Ritter, F. E., Shadbolt, N. R., Elliman, D., Young, R., Gobet, F., & Baxter, G. D. (in press). Techniques for modeling human performance in synthetic environments: A supplementary review. Wright-Patterson Air Force Base, OH: Human Systems Information Analysis Center. Appendix C. Description of ACT-R and Soar. (soon to be online).
Pew, R. W., & Mavor, A. S. (Eds.). (1998). Modeling human and organizational behavior: Application to military simulations. Washington, DC: National Academy Press. books.nap.edu/catalog/6173.html. This also reviews several other architectures.
ACT-R currently attempts to cover data in memory, attention, visual processing, problem solving, development, and learning. In these areas, these models are reported in the core literature, and have to be taken seriously indeed. A list of current models is available here. Preliminary work is also going on to model language processing, emotions, and conversation. So, not all areas of Newell's vision for unified theories of cognition are covered yet, but an increasing range of models are being built, and they are starting to be used be a wide range of psychologists.
The ACT-R community meets annually at the ACT-R Workshop. This year's (2002) summer school will be held at Carnegie Mellon University from July 24 to August 4, with the workshop on the last weekend.
Various other meetings occur throughout the year. One example is the Winter Workshop on ACT-R models of Human-System Interaction. The community is also often seen at the Cognitive Science Conference and at the International Conference on Cognitive Modeling.
Creating ACT-R models can be difficult for several reasons. You may have syntactic problems. In this case, a good text editor like Emacs under Unix, PCs, or Macs with less than 256M of memory can help. BBedit on the Mac may also help. In any case, if you are going to program ACT-R a lot, or already know one of these editors, you may find them useful.
Once you have the model built, and the rules load, the next problem is tell what's going on. The ACT-R interface provides several displays to tell you what rules are loaded, what the buffers contain, and the contents of working memory. You should learn to use these tools.
Knowing Lisp also becomes important. You don't have to know Lisp to program ACT-R, but those who don't in the end have to learn it as their model gets more complex and they want to write code to run the model 3 times, load some task, and then save the data because doing it by hand is getting tedious. We are looking for online lisp tutorials to refer you to here.
Finally, there are some less used functions that are in the manual. You should read the manual before you get in trouble rather than after. Not so that you can retrieve the functions on the first attempt, but so that you know that these functions exist.

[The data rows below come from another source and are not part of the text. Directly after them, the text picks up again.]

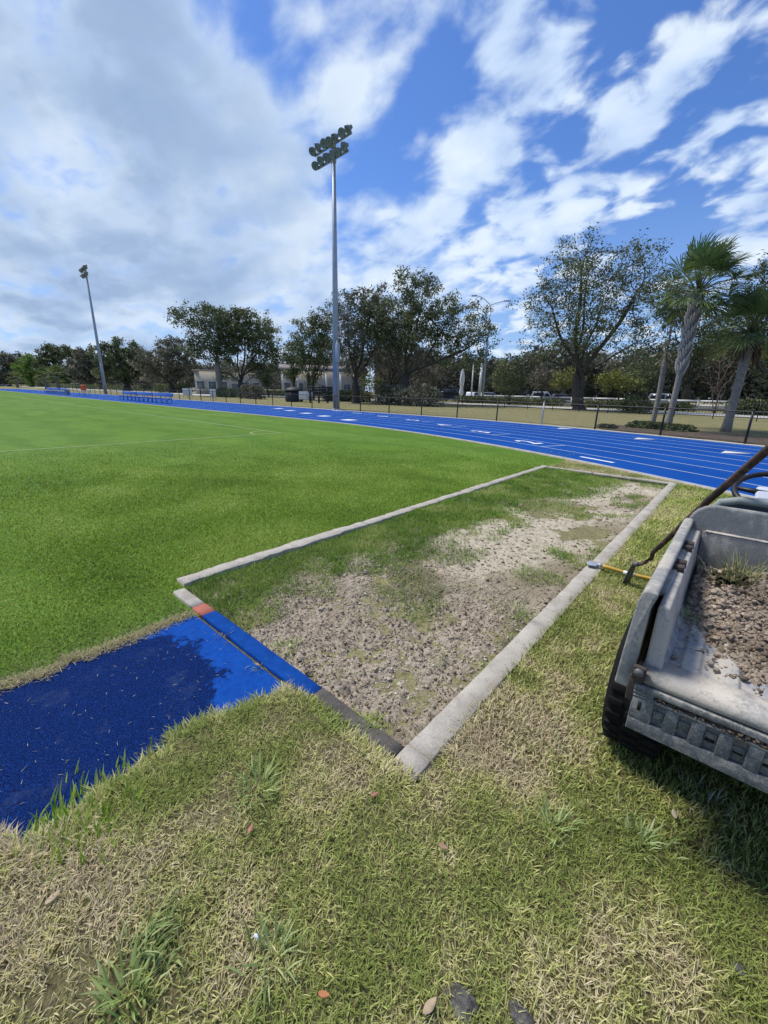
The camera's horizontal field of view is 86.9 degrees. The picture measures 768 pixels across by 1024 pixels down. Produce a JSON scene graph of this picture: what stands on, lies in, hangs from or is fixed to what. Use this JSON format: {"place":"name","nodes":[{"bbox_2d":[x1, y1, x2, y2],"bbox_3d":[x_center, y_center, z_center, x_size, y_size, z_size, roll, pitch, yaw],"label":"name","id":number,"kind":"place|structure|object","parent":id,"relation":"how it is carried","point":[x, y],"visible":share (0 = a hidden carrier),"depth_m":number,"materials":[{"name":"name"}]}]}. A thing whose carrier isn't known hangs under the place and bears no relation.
{"place":"outdoors","nodes":[
{"label":"outdoors","id":0,"kind":"place"},
{"bbox_2d":[19,386,209,395],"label":"path","id":1,"kind":"structure","parent":0,"point":[121,391],"depth_m":99.73,"materials":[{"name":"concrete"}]},
{"bbox_2d":[0,615,280,842],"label":"runway","id":2,"kind":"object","parent":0,"point":[59,734],"visible":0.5,"depth_m":2.04,"materials":[{"name":"rubber"}]},
{"bbox_2d":[0,391,576,692],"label":"playing field","id":3,"kind":"structure","parent":0,"point":[40,423],"depth_m":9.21,"materials":[{"name":"plant"}]},
{"bbox_2d":[0,390,753,497],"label":"track edging","id":4,"kind":"object","parent":3,"relation":"on","point":[657,477],"visible":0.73,"depth_m":11.71,"materials":[{"name":"concrete"}]},
{"bbox_2d":[0,389,767,496],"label":"running track","id":5,"kind":"structure","parent":0,"point":[709,464],"depth_m":14.84,"materials":[{"name":"rubber"}]},
{"bbox_2d":[133,392,153,401],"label":"team bench","id":6,"kind":"object","parent":5,"relation":"on","point":[146,393],"visible":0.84,"depth_m":43.13,"materials":[{"name":"blue plastic"}]},
{"bbox_2d":[150,393,172,402],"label":"team bench","id":7,"kind":"object","parent":5,"relation":"on","point":[164,395],"visible":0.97,"depth_m":40.18,"materials":[{"name":"blue plastic"}]},
{"bbox_2d":[0,384,767,738],"bbox_3d":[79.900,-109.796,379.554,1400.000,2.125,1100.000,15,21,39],"label":"ground","id":8,"kind":"structure","parent":0,"point":[598,532],"depth_m":21.84,"materials":[{"name":"beige soil"}]},
{"bbox_2d":[0,350,27,385],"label":"live oak","id":9,"kind":"object","parent":8,"relation":"on","point":[7,359],"visible":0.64,"depth_m":182.70,"materials":[{"name":"green plant"}]},
{"bbox_2d":[3,369,26,387],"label":"sabal palm","id":10,"kind":"object","parent":8,"relation":"on","point":[16,374],"visible":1,"depth_m":150.67,"materials":[{"name":"green plant"}]},
{"bbox_2d":[9,352,41,386],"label":"broad tree","id":11,"kind":"object","parent":8,"relation":"on","point":[26,365],"visible":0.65,"depth_m":168.41,"materials":[{"name":"green plant"}]},
{"bbox_2d":[32,365,52,388],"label":"sabal palm","id":12,"kind":"object","parent":8,"relation":"on","point":[40,369],"visible":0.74,"depth_m":120.00,"materials":[{"name":"green plant"}]},
{"bbox_2d":[4,382,102,389],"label":"hedge","id":13,"kind":"object","parent":8,"relation":"on","point":[53,385],"visible":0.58,"depth_m":147.41,"materials":[{"name":"green plant"}]},
{"bbox_2d":[30,341,81,384],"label":"live oak","id":14,"kind":"object","parent":8,"relation":"on","point":[56,355],"visible":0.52,"depth_m":168.09,"materials":[{"name":"green plant"}]},
{"bbox_2d":[42,364,70,387],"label":"sabal palm","id":15,"kind":"object","parent":8,"relation":"on","point":[56,369],"visible":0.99,"depth_m":111.33,"materials":[{"name":"green plant"}]},
{"bbox_2d":[60,343,112,383],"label":"live oak","id":16,"kind":"object","parent":8,"relation":"on","point":[82,367],"visible":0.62,"depth_m":135.43,"materials":[{"name":"green plant"}]},
{"bbox_2d":[78,264,107,393],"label":"floodlight tower","id":17,"kind":"structure","parent":8,"relation":"on","point":[83,271],"depth_m":71.86,"materials":[{"name":"metal"}]},
{"bbox_2d":[85,336,155,390],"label":"live oak","id":18,"kind":"object","parent":8,"relation":"on","point":[123,357],"visible":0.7,"depth_m":107.15,"materials":[{"name":"green plant"}]},
{"bbox_2d":[96,384,156,390],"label":"hedge","id":19,"kind":"object","parent":8,"relation":"on","point":[139,387],"visible":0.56,"depth_m":118.48,"materials":[{"name":"green plant"}]},
{"bbox_2d":[128,334,207,392],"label":"live oak","id":20,"kind":"object","parent":8,"relation":"on","point":[169,354],"visible":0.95,"depth_m":89.86,"materials":[{"name":"green plant"}]},
{"bbox_2d":[152,383,191,392],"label":"hedge","id":21,"kind":"object","parent":8,"relation":"on","point":[162,387],"visible":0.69,"depth_m":97.79,"materials":[{"name":"green plant"}]},
{"bbox_2d":[173,588,203,608],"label":"kerb","id":22,"kind":"structure","parent":8,"relation":"on","point":[187,598],"depth_m":3.07,"materials":[{"name":"concrete"}]},
{"bbox_2d":[192,603,215,618],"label":"kerb","id":23,"kind":"structure","parent":8,"relation":"on","point":[203,609],"depth_m":2.92,"materials":[{"name":"concrete"}]},
{"bbox_2d":[163,298,247,388],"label":"live oak","id":24,"kind":"object","parent":8,"relation":"on","point":[219,326],"visible":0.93,"depth_m":66.03,"materials":[{"name":"green plant"}]},
{"bbox_2d":[192,369,261,393],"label":"pavilion building","id":25,"kind":"structure","parent":8,"relation":"on","point":[205,381],"depth_m":81.08,"materials":[{"name":"paint"}]},
{"bbox_2d":[216,388,239,397],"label":"bush","id":26,"kind":"object","parent":8,"relation":"on","point":[221,391],"visible":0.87,"depth_m":63.73,"materials":[{"name":"green plant"}]},
{"bbox_2d":[213,304,290,394],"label":"live oak","id":27,"kind":"object","parent":8,"relation":"on","point":[257,337],"visible":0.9,"depth_m":68.56,"materials":[{"name":"green plant"}]},
{"bbox_2d":[237,383,266,398],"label":"bush","id":28,"kind":"object","parent":8,"relation":"on","point":[250,389],"visible":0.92,"depth_m":57.47,"materials":[{"name":"green plant"}]},
{"bbox_2d":[202,611,321,695],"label":"kerb","id":29,"kind":"structure","parent":8,"relation":"on","point":[276,665],"depth_m":2.44,"materials":[{"name":"rubber"}]},
{"bbox_2d":[258,371,274,396],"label":"bush","id":30,"kind":"object","parent":8,"relation":"on","point":[264,380],"visible":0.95,"depth_m":68.69,"materials":[{"name":"green plant"}]},
{"bbox_2d":[258,389,306,395],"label":"hedge","id":31,"kind":"object","parent":8,"relation":"on","point":[280,392],"visible":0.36,"depth_m":76.33,"materials":[{"name":"green plant"}]},
{"bbox_2d":[284,387,302,401],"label":"waste bin","id":32,"kind":"object","parent":8,"relation":"on","point":[292,390],"visible":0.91,"depth_m":48.89,"materials":[{"name":"plastic"}]},
{"bbox_2d":[279,339,312,386],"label":"live oak","id":33,"kind":"object","parent":8,"relation":"on","point":[292,372],"visible":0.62,"depth_m":56.76,"materials":[{"name":"green plant"}]},
{"bbox_2d":[287,306,331,390],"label":"live oak","id":34,"kind":"object","parent":8,"relation":"on","point":[314,339],"visible":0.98,"depth_m":52.71,"materials":[{"name":"green plant"}]},
{"bbox_2d":[308,386,332,402],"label":"timber frame","id":35,"kind":"object","parent":8,"relation":"on","point":[318,392],"visible":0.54,"depth_m":46.79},
{"bbox_2d":[278,364,367,395],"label":"pavilion building","id":36,"kind":"structure","parent":8,"relation":"on","point":[345,382],"depth_m":86.18,"materials":[{"name":"paint"}]},
{"bbox_2d":[308,306,339,399],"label":"live oak","id":37,"kind":"object","parent":8,"relation":"on","point":[327,320],"visible":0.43,"depth_m":55.15,"materials":[{"name":"green plant"}]},
{"bbox_2d":[309,124,352,409],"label":"floodlight tower","id":38,"kind":"structure","parent":8,"relation":"on","point":[334,153],"depth_m":31.45,"materials":[{"name":"metal"}]},
{"bbox_2d":[321,389,370,401],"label":"hedge","id":39,"kind":"object","parent":8,"relation":"on","point":[344,393],"visible":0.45,"depth_m":52.01,"materials":[{"name":"green plant"}]},
{"bbox_2d":[311,688,403,758],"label":"kerb","id":40,"kind":"structure","parent":8,"relation":"on","point":[391,744],"depth_m":1.94,"materials":[{"name":"concrete"}]},
{"bbox_2d":[177,465,548,587],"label":"kerb","id":41,"kind":"structure","parent":8,"relation":"on","point":[238,563],"depth_m":4.31,"materials":[{"name":"concrete"}]},
{"bbox_2d":[322,280,408,402],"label":"live oak","id":42,"kind":"object","parent":8,"relation":"on","point":[357,348],"visible":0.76,"depth_m":45.30,"materials":[{"name":"green plant"}]},
{"bbox_2d":[357,370,385,401],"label":"bush","id":43,"kind":"object","parent":8,"relation":"on","point":[368,381],"visible":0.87,"depth_m":50.24,"materials":[{"name":"green plant"}]},
{"bbox_2d":[0,326,767,404],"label":"woodland","id":44,"kind":"object","parent":8,"relation":"on","point":[751,388],"visible":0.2,"depth_m":77.33,"materials":[{"name":"green plant"}]},
{"bbox_2d":[29,389,763,446],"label":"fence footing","id":45,"kind":"object","parent":8,"relation":"on","point":[528,423],"visible":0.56,"depth_m":21.20,"materials":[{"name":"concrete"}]},
{"bbox_2d":[64,386,767,444],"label":"chain link fence","id":46,"kind":"object","parent":45,"relation":"on","point":[753,411],"visible":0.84,"depth_m":22.39,"materials":[{"name":"metal"}]},
{"bbox_2d":[359,309,443,384],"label":"live oak","id":47,"kind":"object","parent":8,"relation":"on","point":[416,362],"visible":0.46,"depth_m":51.34,"materials":[{"name":"green plant"}]},
{"bbox_2d":[370,382,443,406],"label":"bush","id":48,"kind":"object","parent":8,"relation":"on","point":[399,391],"visible":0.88,"depth_m":42.00,"materials":[{"name":"green plant"}]},
{"bbox_2d":[180,467,666,744],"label":"pit weeds","id":49,"kind":"object","parent":8,"relation":"on","point":[556,476],"visible":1,"depth_m":4.19,"materials":[{"name":"green plant"}]},
{"bbox_2d":[347,265,502,402],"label":"live oak","id":50,"kind":"object","parent":8,"relation":"on","point":[423,331],"visible":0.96,"depth_m":43.24,"materials":[{"name":"green plant"}]},
{"bbox_2d":[188,470,665,745],"bbox_3d":[1.854,0.077,5.455,2.345,0.088,8.010,15,21,39],"label":"sand pit","id":51,"kind":"object","parent":8,"relation":"in","point":[422,721],"visible":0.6,"depth_m":3.20,"materials":[{"name":"sand"}]},
{"bbox_2d":[266,635,310,656],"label":"grass tuft","id":52,"kind":"object","parent":51,"relation":"on","point":[286,643],"visible":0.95,"depth_m":2.58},
{"bbox_2d":[370,712,417,743],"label":"grass tuft","id":53,"kind":"object","parent":51,"relation":"on","point":[394,729],"visible":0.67,"depth_m":1.95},
{"bbox_2d":[200,475,662,746],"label":"soil clods","id":54,"kind":"object","parent":51,"relation":"on","point":[422,647],"visible":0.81,"depth_m":2.90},
{"bbox_2d":[487,591,542,617],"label":"grass tuft","id":55,"kind":"object","parent":51,"relation":"on","point":[515,605],"visible":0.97,"depth_m":3.11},
{"bbox_2d":[410,362,448,398],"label":"bush","id":56,"kind":"object","parent":8,"relation":"on","point":[435,379],"visible":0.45,"depth_m":58.29,"materials":[{"name":"green plant"}]},
{"bbox_2d":[442,389,466,400],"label":"parked car","id":57,"kind":"object","parent":8,"relation":"on","point":[447,392],"visible":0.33,"depth_m":61.77,"materials":[{"name":"blue paint"}]},
{"bbox_2d":[459,369,464,402],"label":"folded parasol","id":58,"kind":"object","parent":8,"relation":"on","point":[462,380],"visible":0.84,"depth_m":54.16,"materials":[{"name":"fabric"}]},
{"bbox_2d":[471,295,510,396],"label":"street lamp","id":59,"kind":"object","parent":8,"relation":"on","point":[483,385],"visible":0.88,"depth_m":56.52,"materials":[{"name":"metal"}]},
{"bbox_2d":[486,354,531,404],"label":"bush","id":60,"kind":"object","parent":8,"relation":"on","point":[508,372],"visible":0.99,"depth_m":46.90,"materials":[{"name":"green plant"}]},
{"bbox_2d":[453,396,568,405],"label":"hedge","id":61,"kind":"object","parent":8,"relation":"on","point":[547,400],"visible":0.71,"depth_m":51.85,"materials":[{"name":"green plant"}]},
{"bbox_2d":[394,483,675,782],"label":"kerb","id":62,"kind":"structure","parent":8,"relation":"on","point":[419,748],"depth_m":2.34,"materials":[{"name":"concrete"}]},
{"bbox_2d":[527,363,559,396],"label":"bush","id":63,"kind":"object","parent":8,"relation":"on","point":[538,375],"visible":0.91,"depth_m":51.61,"materials":[{"name":"green plant"}]},
{"bbox_2d":[545,370,570,398],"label":"bush","id":64,"kind":"object","parent":8,"relation":"on","point":[555,389],"visible":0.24,"depth_m":52.74,"materials":[{"name":"green plant"}]},
{"bbox_2d":[368,394,767,420],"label":"metal railing","id":65,"kind":"object","parent":8,"relation":"on","point":[716,402],"visible":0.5,"depth_m":33.85,"materials":[{"name":"metal"}]},
{"bbox_2d":[547,364,589,405],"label":"bush","id":66,"kind":"object","parent":8,"relation":"on","point":[561,380],"visible":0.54,"depth_m":48.08,"materials":[{"name":"green plant"}]},
{"bbox_2d":[502,222,686,409],"bbox_3d":[19.010,-17.076,36.839,12.359,15.726,11.919,-6,18,-23],"label":"live oak","id":67,"kind":"object","parent":8,"relation":"on","point":[578,382],"visible":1,"depth_m":35.28,"materials":[{"name":"green plant"}]},
{"bbox_2d":[481,395,738,408],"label":"rail fence","id":68,"kind":"object","parent":8,"relation":"on","point":[668,400],"visible":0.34,"depth_m":47.03,"materials":[{"name":"white paint"}]},
{"bbox_2d":[549,466,676,485],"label":"kerb","id":69,"kind":"structure","parent":8,"relation":"on","point":[629,478],"depth_m":8.21,"materials":[{"name":"concrete"}]},
{"bbox_2d":[593,367,651,399],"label":"bush","id":70,"kind":"object","parent":8,"relation":"on","point":[614,377],"visible":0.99,"depth_m":44.99,"materials":[{"name":"green plant"}]},
{"bbox_2d":[615,394,653,413],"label":"bush","id":71,"kind":"object","parent":8,"relation":"on","point":[631,398],"visible":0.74,"depth_m":33.49,"materials":[{"name":"green plant"}]},
{"bbox_2d":[584,399,696,411],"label":"hedge","id":72,"kind":"object","parent":8,"relation":"on","point":[604,402],"visible":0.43,"depth_m":43.46,"materials":[{"name":"green plant"}]},
{"bbox_2d":[619,359,664,396],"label":"bush","id":73,"kind":"object","parent":8,"relation":"on","point":[647,380],"visible":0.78,"depth_m":49.97,"materials":[{"name":"green plant"}]},
{"bbox_2d":[648,393,677,402],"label":"parked car","id":74,"kind":"object","parent":8,"relation":"on","point":[653,396],"visible":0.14,"depth_m":55.47,"materials":[{"name":"silver paint"}]},
{"bbox_2d":[650,275,704,421],"bbox_3d":[14.854,-8.202,20.931,2.262,7.714,2.161,-5,18,-21],"label":"slender tree","id":75,"kind":"object","parent":8,"relation":"on","point":[670,352],"visible":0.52,"depth_m":20.91,"materials":[{"name":"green plant"}]},
{"bbox_2d":[605,425,767,444],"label":"mulch bed","id":76,"kind":"object","parent":8,"relation":"on","point":[698,433],"visible":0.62,"depth_m":17.61,"materials":[{"name":"soil"}]},
{"bbox_2d":[625,420,698,431],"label":"ground cover","id":77,"kind":"object","parent":76,"relation":"on","point":[651,425],"visible":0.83,"depth_m":19.54,"materials":[{"name":"green plant"}]},
{"bbox_2d":[641,280,740,406],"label":"live oak","id":78,"kind":"object","parent":8,"relation":"on","point":[686,380],"visible":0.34,"depth_m":42.43,"materials":[{"name":"green plant"}]},
{"bbox_2d":[642,230,767,423],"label":"sabal palm","id":79,"kind":"object","parent":8,"relation":"on","point":[706,260],"visible":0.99,"depth_m":17.55,"materials":[{"name":"green plant"}]},
{"bbox_2d":[697,359,735,412],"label":"bare shrub","id":80,"kind":"object","parent":8,"relation":"on","point":[711,387],"visible":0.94,"depth_m":34.63,"materials":[{"name":"plant"}]},
{"bbox_2d":[692,279,767,431],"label":"sabal palm","id":81,"kind":"object","parent":8,"relation":"on","point":[749,341],"visible":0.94,"depth_m":18.03,"materials":[{"name":"green plant"}]},
{"bbox_2d":[704,249,767,388],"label":"live oak","id":82,"kind":"object","parent":8,"relation":"on","point":[763,267],"visible":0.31,"depth_m":35.26,"materials":[{"name":"green plant"}]},
{"bbox_2d":[722,398,767,415],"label":"hedge","id":83,"kind":"object","parent":8,"relation":"on","point":[748,406],"visible":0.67,"depth_m":32.85,"materials":[{"name":"green plant"}]},
{"bbox_2d":[0,0,767,398],"label":"sky","id":84,"kind":"structure","parent":0,"point":[160,148],"materials":[{"name":"blue"}]},
{"bbox_2d":[0,460,767,1023],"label":"lawn","id":85,"kind":"structure","parent":0,"point":[481,822],"depth_m":1.32,"materials":[{"name":"plant"}]},
{"bbox_2d":[0,780,87,860],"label":"grass tuft","id":86,"kind":"object","parent":85,"relation":"on","point":[53,814],"visible":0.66,"depth_m":1.46,"materials":[{"name":"plant"}]},
{"bbox_2d":[14,737,155,883],"bbox_3d":[-1.094,1.094,1.514,0.430,0.090,0.511,-6,18,-22],"label":"grass tuft","id":87,"kind":"object","parent":85,"relation":"on","point":[73,794],"visible":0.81,"depth_m":1.49,"materials":[{"name":"plant"}]},
{"bbox_2d":[78,931,183,1023],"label":"grass tuft","id":88,"kind":"object","parent":85,"relation":"on","point":[116,991],"visible":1,"depth_m":1.08,"materials":[{"name":"plant"}]},
{"bbox_2d":[107,878,198,984],"bbox_3d":[-0.653,1.188,1.155,0.230,0.133,0.207,-3,17,-14],"label":"grass tuft","id":89,"kind":"object","parent":85,"relation":"on","point":[151,929],"visible":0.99,"depth_m":1.17,"materials":[{"name":"plant"}]},
{"bbox_2d":[224,748,293,821],"bbox_3d":[-0.489,1.071,1.605,0.319,0.110,0.289,15,21,39],"label":"grass tuft","id":90,"kind":"object","parent":85,"relation":"on","point":[264,779],"visible":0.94,"depth_m":1.62,"materials":[{"name":"plant"}]},
{"bbox_2d":[222,905,309,1021],"bbox_3d":[-0.316,1.221,1.130,0.238,0.099,0.222,15,21,39],"label":"grass tuft","id":91,"kind":"object","parent":85,"relation":"on","point":[255,964],"visible":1,"depth_m":1.16,"materials":[{"name":"plant"}]},
{"bbox_2d":[339,706,389,755],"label":"grass tuft","id":92,"kind":"object","parent":85,"relation":"on","point":[366,718],"visible":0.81,"depth_m":1.96,"materials":[{"name":"plant"}]},
{"bbox_2d":[423,996,436,1014],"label":"dead leaf","id":93,"kind":"object","parent":85,"relation":"on","point":[428,1008],"visible":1,"depth_m":1.05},
{"bbox_2d":[444,982,478,1023],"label":"stone","id":94,"kind":"object","parent":85,"relation":"on","point":[460,1001],"visible":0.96,"depth_m":1.06,"materials":[{"name":"stone"}]},
{"bbox_2d":[508,999,535,1023],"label":"stone","id":95,"kind":"object","parent":85,"relation":"on","point":[517,1016],"visible":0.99,"depth_m":1.04,"materials":[{"name":"stone"}]},
{"bbox_2d":[514,706,570,762],"bbox_3d":[0.737,1.036,1.899,0.289,0.067,0.294,15,21,39],"label":"grass tuft","id":96,"kind":"object","parent":85,"relation":"on","point":[542,733],"visible":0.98,"depth_m":1.92,"materials":[{"name":"plant"}]},
{"bbox_2d":[512,786,585,855],"bbox_3d":[0.616,1.131,1.517,0.255,0.094,0.227,15,21,39],"label":"grass tuft","id":97,"kind":"object","parent":85,"relation":"on","point":[562,819],"visible":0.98,"depth_m":1.52,"materials":[{"name":"plant"}]},
{"bbox_2d":[586,561,650,579],"bbox_3d":[2.227,0.537,3.658,0.727,0.055,0.124,11,19,30],"label":"yellow handled tool","id":98,"kind":"object","parent":85,"relation":"on","point":[592,563],"visible":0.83,"depth_m":3.69,"materials":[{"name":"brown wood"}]},
{"bbox_2d":[602,792,689,871],"bbox_3d":[0.950,1.157,1.464,0.260,0.091,0.238,15,21,39],"label":"grass tuft","id":99,"kind":"object","parent":85,"relation":"on","point":[643,835],"visible":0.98,"depth_m":1.48,"materials":[{"name":"plant"}]},
{"bbox_2d":[601,472,767,793],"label":"utility vehicle","id":100,"kind":"object","parent":85,"relation":"on","point":[656,698],"visible":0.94,"depth_m":1.39,"materials":[{"name":"plastic"}]},
{"bbox_2d":[684,562,767,686],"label":"soil load","id":101,"kind":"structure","parent":100,"relation":"in","point":[742,662],"depth_m":1.56},
{"bbox_2d":[670,562,767,694],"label":"bed soil crumbs","id":102,"kind":"object","parent":101,"relation":"on","point":[720,603],"visible":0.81,"depth_m":1.62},
{"bbox_2d":[695,536,767,588],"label":"weed clump","id":103,"kind":"object","parent":101,"relation":"on","point":[726,575],"visible":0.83,"depth_m":1.83,"materials":[{"name":"green plant"}]},
{"bbox_2d":[622,444,767,583],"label":"hoe","id":104,"kind":"object","parent":85,"relation":"on","point":[747,466],"visible":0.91,"depth_m":2.24,"materials":[{"name":"metal"}]},
{"bbox_2d":[678,763,745,826],"bbox_3d":[1.278,1.125,1.592,0.226,0.094,0.246,15,21,39],"label":"grass tuft","id":105,"kind":"object","parent":85,"relation":"on","point":[709,797],"visible":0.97,"depth_m":1.61,"materials":[{"name":"plant"}]},
{"bbox_2d":[731,961,747,977],"bbox_3d":[1.005,1.291,1.145,0.039,0.019,0.029,15,21,39],"label":"stone","id":106,"kind":"object","parent":85,"relation":"on","point":[738,965],"visible":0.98,"depth_m":1.14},
{"bbox_2d":[423,1011,442,1023],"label":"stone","id":107,"kind":"object","parent":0,"point":[433,1018],"visible":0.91,"depth_m":1.04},
{"bbox_2d":[179,392,767,417],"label":"path","id":108,"kind":"structure","parent":0,"point":[755,416],"depth_m":39.23,"materials":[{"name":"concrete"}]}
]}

Why would you want to write fast code? You should want to write cognitively plausible code!
That said, you may wish your simulation to run faster, that is, to simulate faster than real time. There are a few hints we can already note, although does not appear to have been an as active an area of work as for Soar.
* turn off the real-time setting, which delays ACT-R so that it appears to run in real time. (pm-set-params :real-time nil)
* turn off as many tracing variables as you can find. It is the printing of the trace that slows you down the most.
* reduce function calls to your own trace functions or to special computations, where possible.
* if you are interacting with an external simulation, you can speed up your model by creating an abstract version of the simulation.
* in extreme cases, rarely done, you might simply create a function that describes what the model will do, and evaluate that function in lisp or your favorite language.
An example of this done with Soar is available at: acs.ist.psu.edu/papers/ritterW98.pdf
Ritter, F. E., & Wallach, D. P. (1998). Models of two-person games in ACT-R and Soar. In Proceedings of the Second European Conference on Cognitive Modelling. 202-203. Thrumpton: Nottingham University Press.
This approach is often used in mathematical psychology, an area related to cognitive modeling.